→ Required work
In the records below, some lines hold the word "aligned". Copy each of those lines.

START Supplied information

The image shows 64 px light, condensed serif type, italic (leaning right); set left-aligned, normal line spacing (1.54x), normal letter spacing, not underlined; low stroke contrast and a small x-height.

END Supplied information
START Supplied information

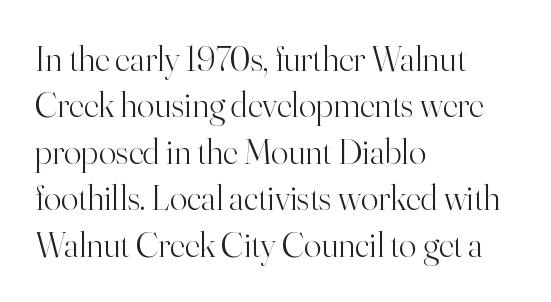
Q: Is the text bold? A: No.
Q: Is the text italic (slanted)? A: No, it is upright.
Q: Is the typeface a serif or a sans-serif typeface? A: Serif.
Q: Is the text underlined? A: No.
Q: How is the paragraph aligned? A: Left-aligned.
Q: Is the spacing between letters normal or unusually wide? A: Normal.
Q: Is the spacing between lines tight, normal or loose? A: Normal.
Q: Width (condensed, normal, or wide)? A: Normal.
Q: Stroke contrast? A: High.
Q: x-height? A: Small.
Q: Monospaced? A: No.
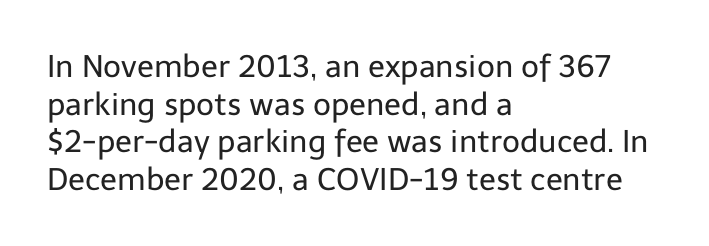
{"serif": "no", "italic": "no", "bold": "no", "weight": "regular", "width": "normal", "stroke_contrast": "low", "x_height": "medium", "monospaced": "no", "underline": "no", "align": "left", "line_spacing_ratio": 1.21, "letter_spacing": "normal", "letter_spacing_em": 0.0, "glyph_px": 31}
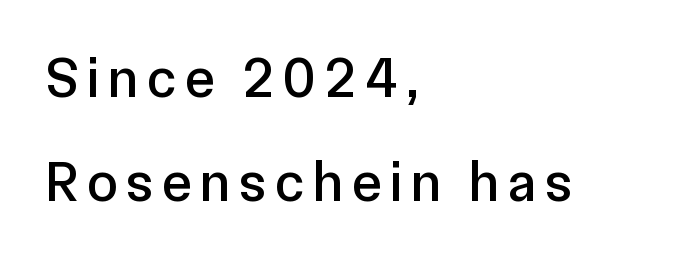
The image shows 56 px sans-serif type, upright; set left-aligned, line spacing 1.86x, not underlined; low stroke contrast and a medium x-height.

END Supplied information

→ Solution
The image shows 64 px light, condensed serif type, italic (leaning right); set left-aligned, normal line spacing (1.54x), normal letter spacing, not underlined; low stroke contrast and a small x-height.
Q: How is the paragraph aligned? A: Left-aligned.
The image shows 56 px sans-serif type, upright; set left-aligned, line spacing 1.86x, not underlined; low stroke contrast and a medium x-height.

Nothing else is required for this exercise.